2. If $Y$ is a $p\times q$ rectangular matrix, then $J_p(\lambda)Y=YJ_q(\lambda)$ if and only if $Y$ has the following form, where $T$ denotes any $\min(p,q)\times\min(p,q)$ upper triangular Toeplitz matrix: $$ \begin{cases} Y=T & \text{if } p=q>1,\\ Y=\pmatrix{T\\ 0} & \text{if } p>q>1,\\ Y=\pmatrix{0, T} & \text{if } 1<p<q,\\ \text{the first entry of } Y \text{ is zero} & \text{if } p>q=1,\\ \text{the last entry of } Y \text{ is zero} & \text{if } p=1<q,\\ Y \text{ is any scalar } & \text{if } p=q=1. \end{cases} $$

It follows that if $A$ is decomposed into a direct sum of Jordan blocks $A = \bigoplus_{i=1}^m J_{p_i}(\lambda_i)$, the nullity of $f$ is given by $\sum_{i=1}^m\sum_{j=1}^m r(i,j)$, where $$ r(i,j)= \begin{cases} 0 & \text{if } \lambda_i\ne \lambda_j,\\ \min(p_i,p_j) & \text{if } \lambda_i=\lambda_j \text{ and } \min(p_i,p_j)>1,\\ \max(p_i,p_j)-1 & \text{if } \lambda_i=\lambda_j \text{ and } \max(p_i,p_j)>\min(p_i,p_j)=1,\\ 1 & \text{if } \lambda_i=\lambda_j \text{ and } p=q=1 \end{cases} $$ and $\operatorname{rank}(f)=n^2-\sum_{i=1}^m\sum_{j=1}^m r(i,j)$. In the special case where $A$ is diagonalisable (so that $m=n$ and $p_i=1$ for all $i$), this reduces to $\operatorname{rank}(f)=n^2-\sum_{i=1}^n\sum_{j=1}^n 1_{\lambda_i=\lambda_j}=\sum_{i=1}^n\sum_{j=1}^n 1_{\lambda_i\ne\lambda_j}$.

Answer 2

The equation is a special form of a Sylvester equation. Using vectorization operation, the equation $$ AX-XA=0 $$ is equivalent to $$ (I\otimes A - A^T\otimes I)vec(X)=0. $$ Denote the eigenvalues of $A\in \mathbb C^{n,n}$ by $\lambda_1\dots \lambda_n$. Then the matrix $I\otimes A - A^T\otimes I$ has eigenvalues $\lambda_{ij} = \lambda_i - \lambda_j$, $i,j=1\dots n$.

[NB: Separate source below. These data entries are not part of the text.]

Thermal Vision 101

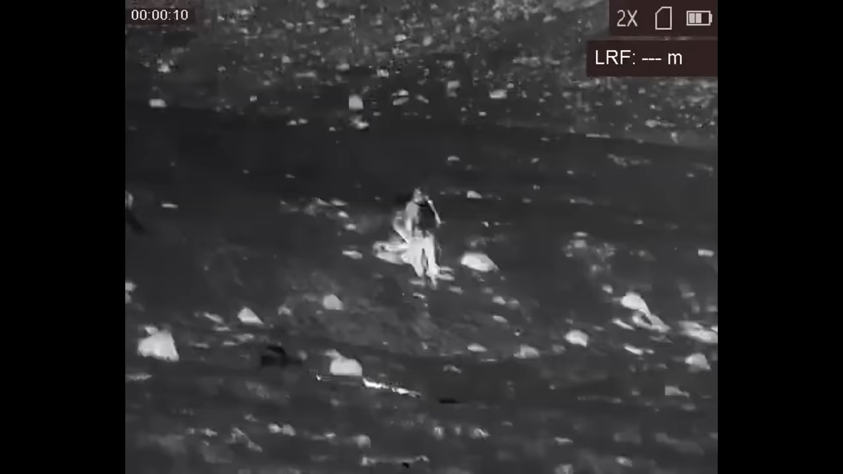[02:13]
It's relatively easy for companies to make thermal devices, so it's relatively cheap to buy them on the civilian market.
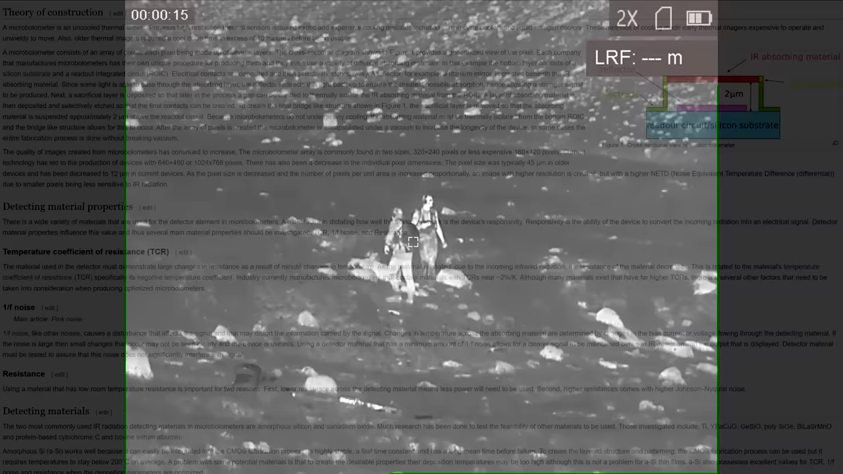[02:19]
So how do thermal devices work? And no, I'm not going to try to give you a lecture on how a microbolometer works, because I don't actually know.
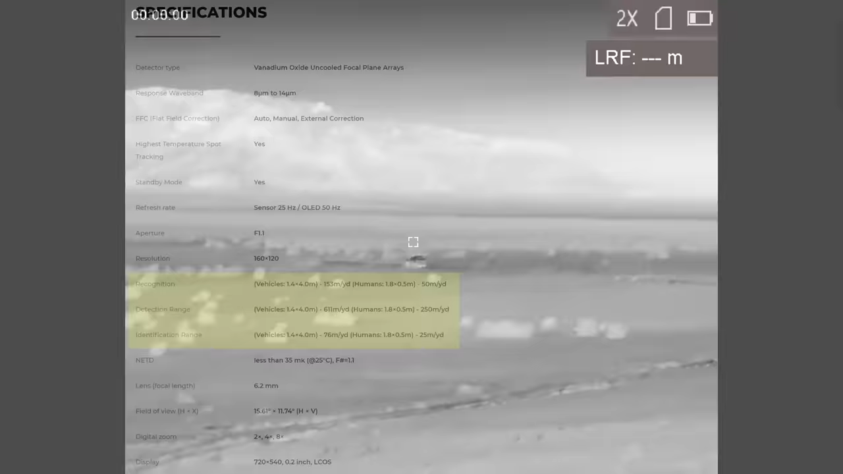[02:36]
Detection range is just the maximum range at which the sensor can tell you that there is something there generating heat.
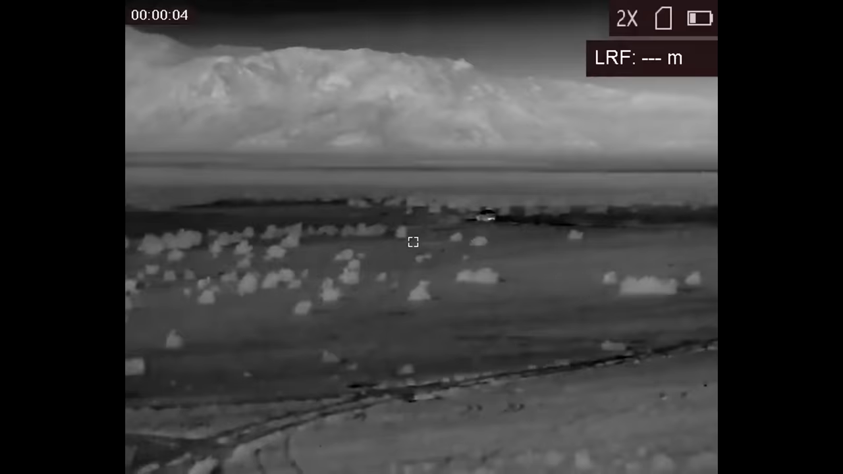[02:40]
Identification range is when you can actually tell what that object is. Detection and identification range are largely influenced by the resolution of the thermal sensor.
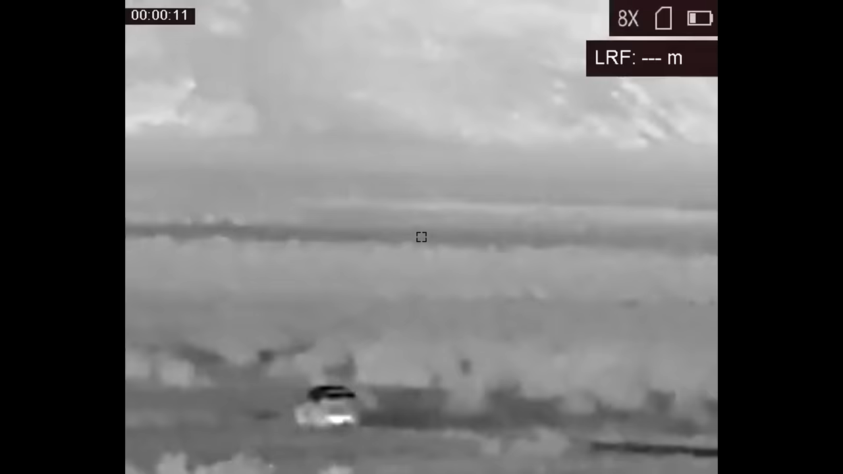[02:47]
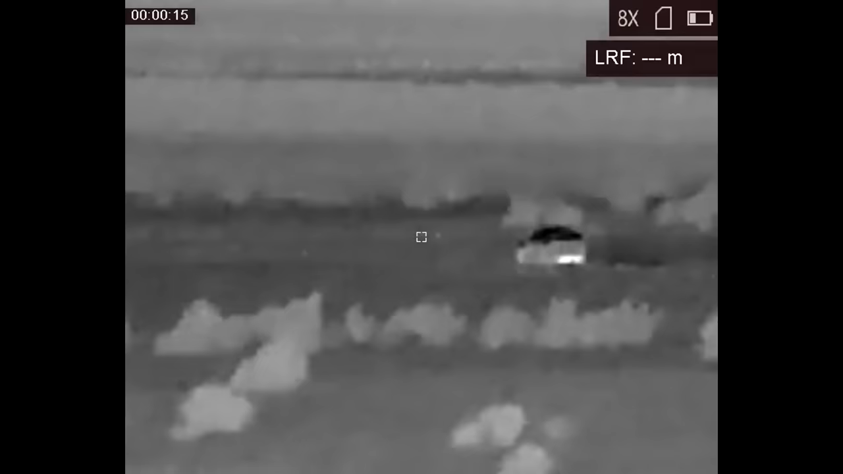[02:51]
Typically speaking, more expensive thermal devices will have better sensors and longer identification and detection range.
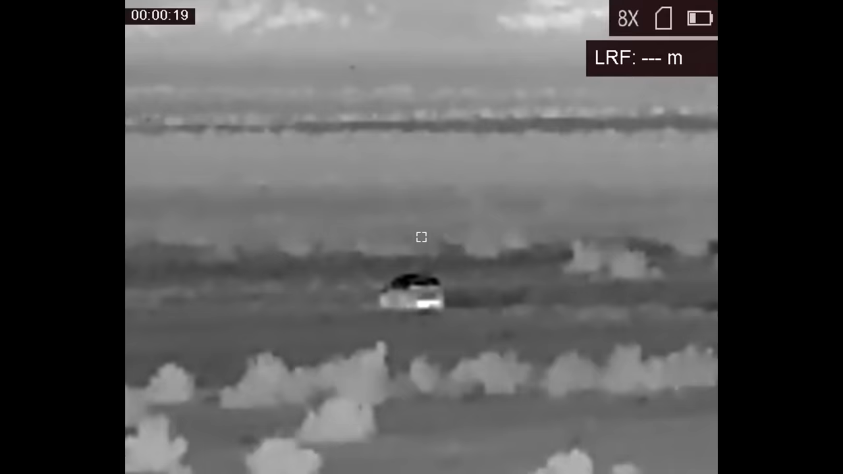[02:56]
But the lenses and the base magnification of the device can also make a difference.
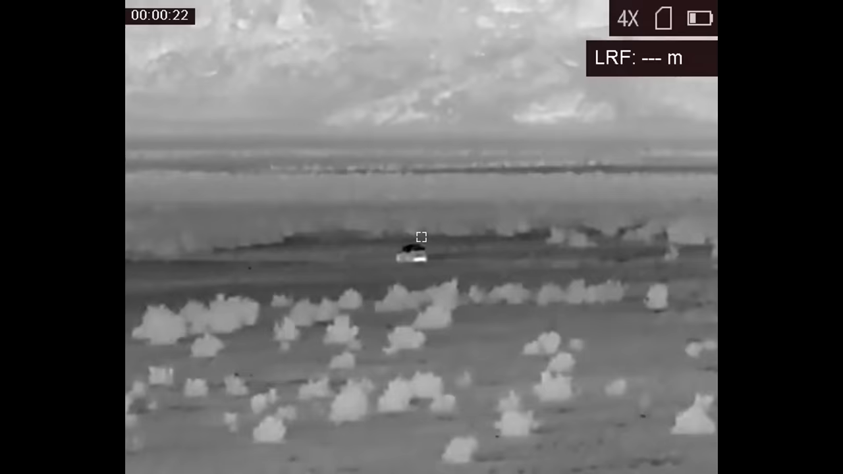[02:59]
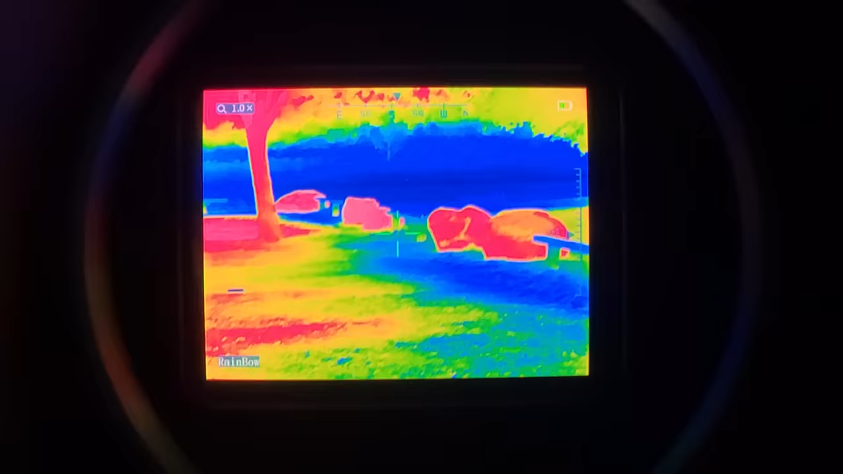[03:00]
The image produced by a thermal imaging device is based on a temperature gradient.
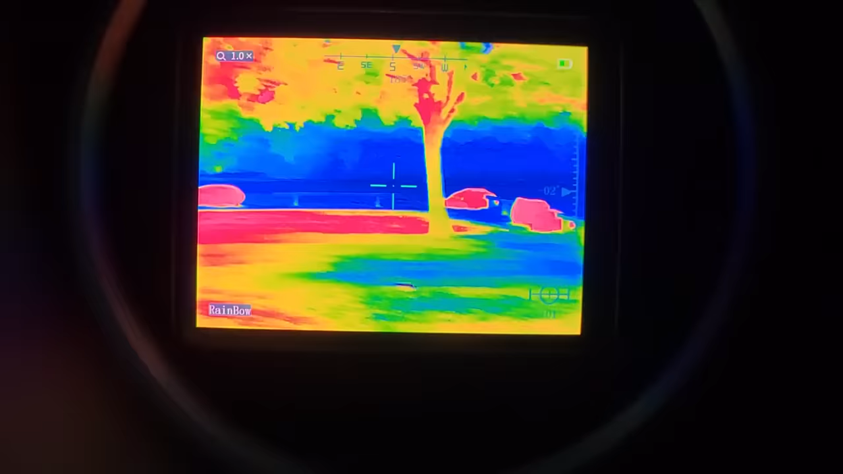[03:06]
All you're really seeing is the temperature differential of the different objects in view of the sensor.
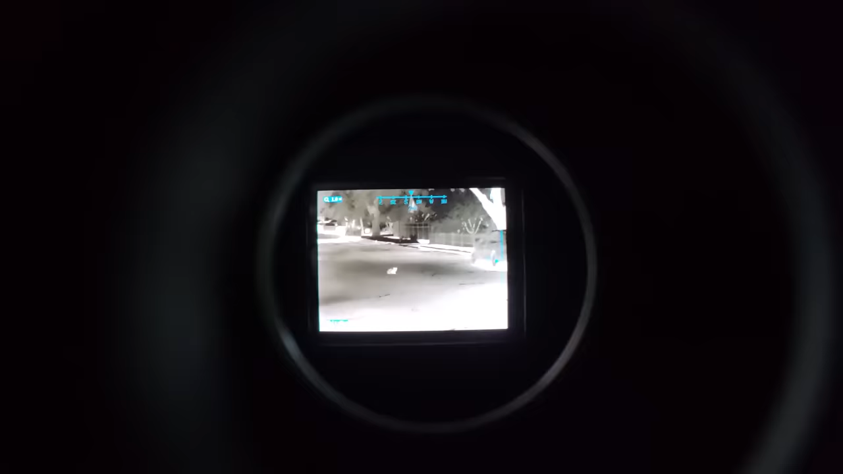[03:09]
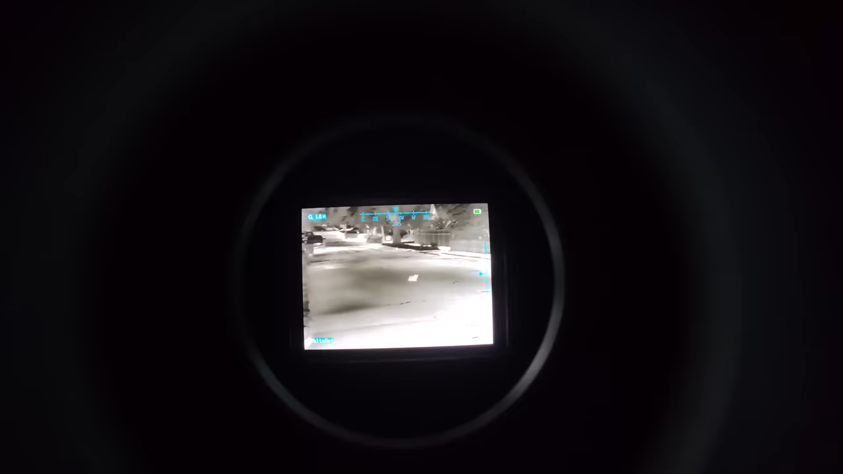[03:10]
One nice thing about thermal imaging devices is that you can use them no matter what the ambient lighting conditions are.
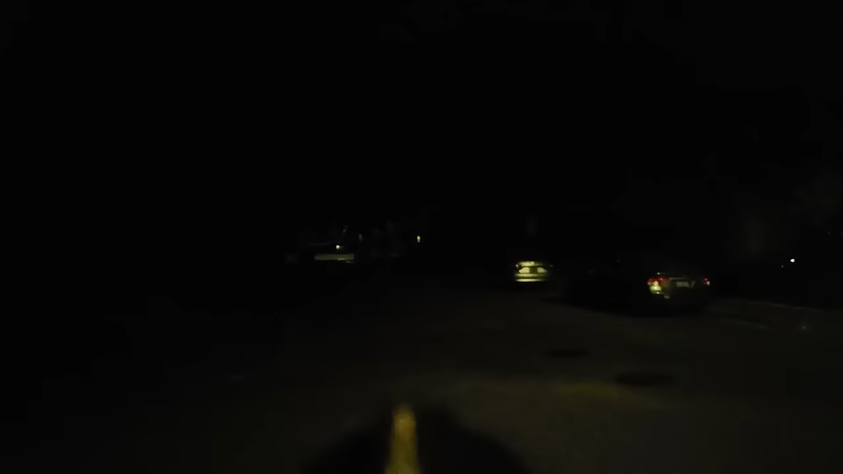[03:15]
They work just fine in the daytime, they work just fine at night, they work fine in a pitch black cave.
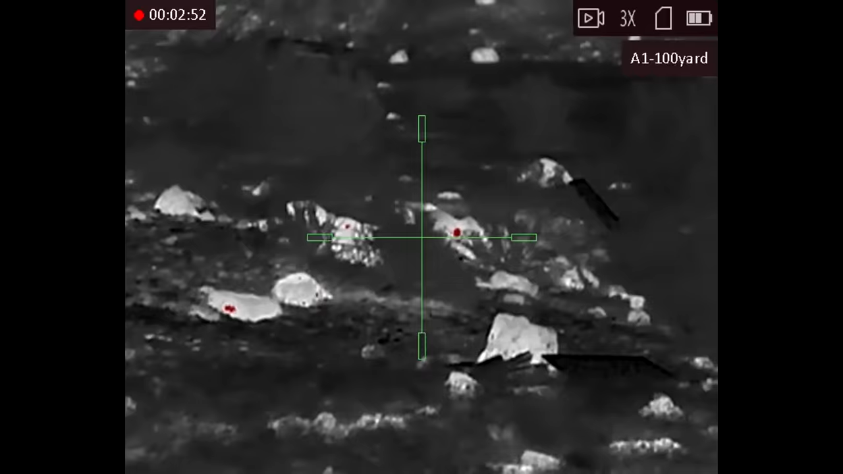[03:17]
The downside of thermals is that it's still possible for two very different objects
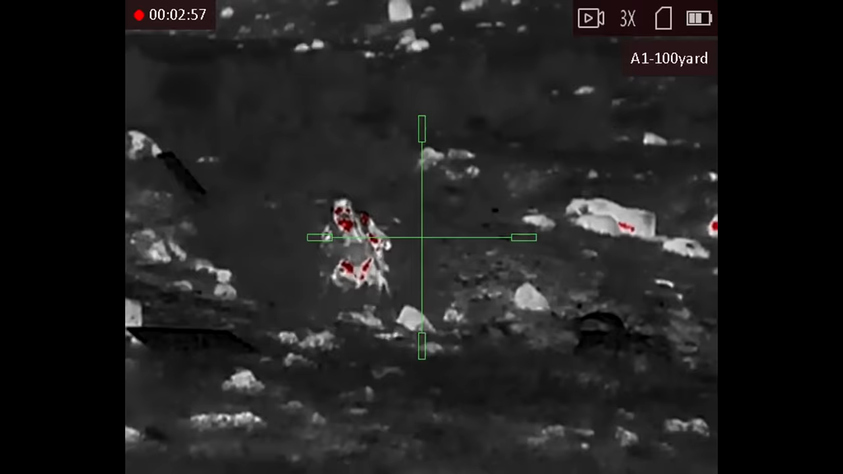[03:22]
to have the same temperature and thus appear like one continuous object on screen.
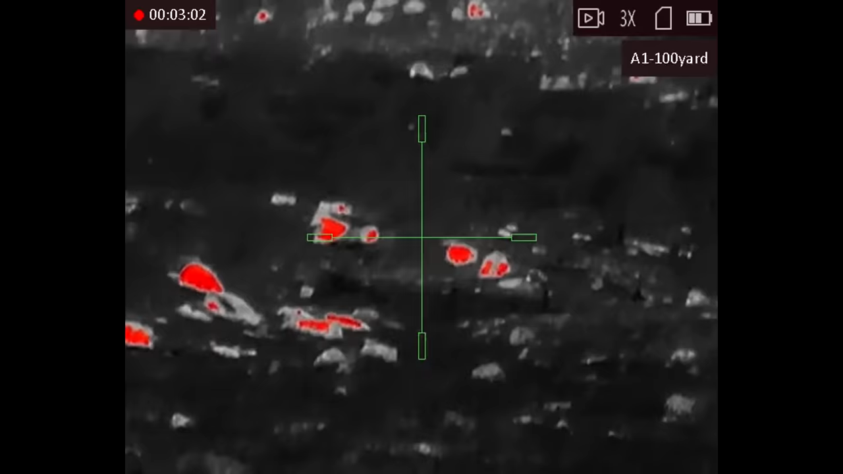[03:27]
For example, in the desert, a person and a rock are both warmer than the ground around and behind them.
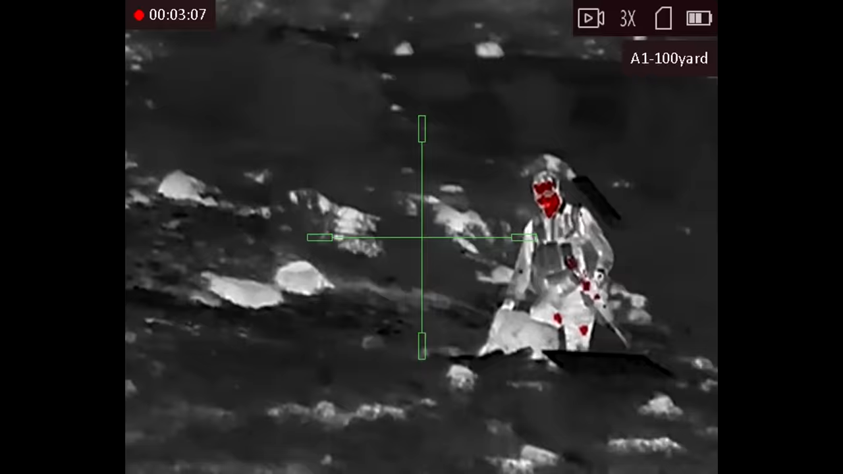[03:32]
So they both read as hot relative to the terrain, and that can mean it's impossible to tell the difference between a person and a rock if they're not moving.
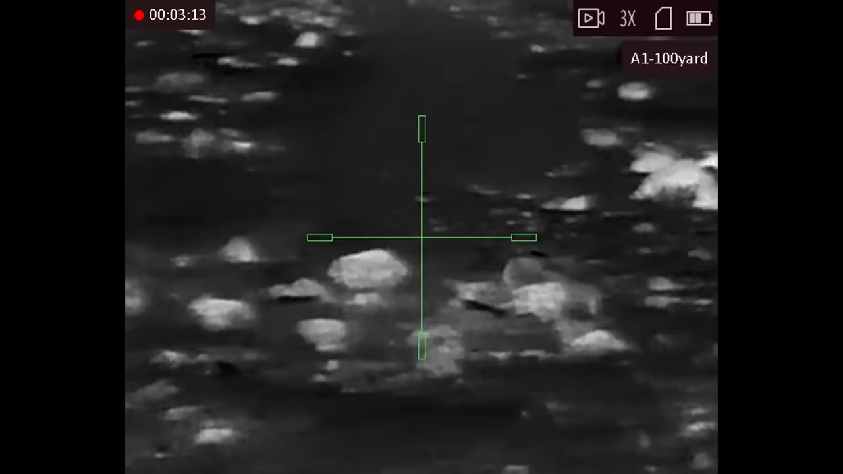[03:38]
One of the other big limitations of thermal devices is that they're not very good at terrain detection.
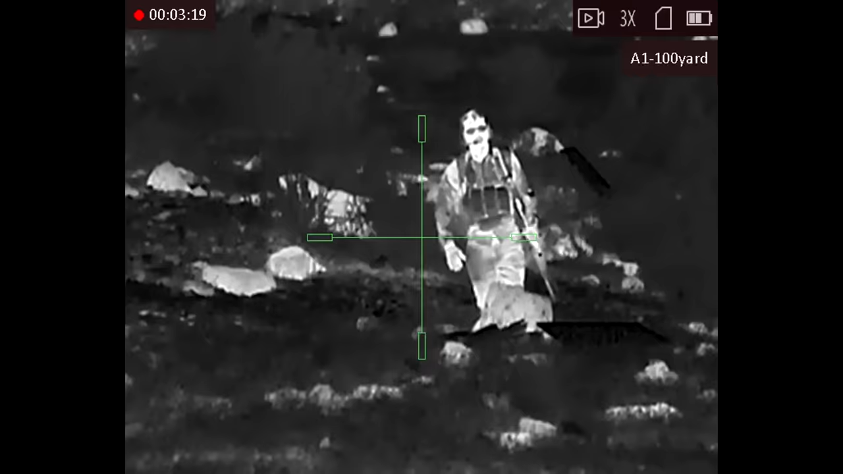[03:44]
Night vision devices and your naked eye both get a lot of clues about the rise and fall of terrain because of light and shadow.

Thus, the dimension of the null space of $f$ depends on the spectrum of $A$. The dimension of the null space is at least $n$, which appears if the eigenvalues of $A$ are distinct. On the other extreme, the dimension of the null space is $n^2$ if $A$ is a multiple of the identity.

Answer 3

I just read this file; here the Kronecker product is useless. Indeed $rank(f)=n^2-dim(C(A))$ where $C(A)$ is the commutant of $A$. According to the Jordan decomposition theory, it suffices to obtain $dim(C(A))$ when $A$ is nilpotent. Thus, let $n_0=0,n_k= dim(ker(A^k))$. It is well-known that $dim(C(A))=\sum_{k\geq 0}(n_{k+1}-n_k)^2$. In particular, $dim(C(A))$ is a sum of squares ${m_k}^2$ s.t. $\sum_km_k=n$. Conversely, if we give such a sequence, then there is an associated matrix $A$.

$rank(f)$ has a geometric sense: let $V$ be the algebraic variety of matrices that are similar to $A$; then the elements of $V$ depend on $rank(f)$ free parameters.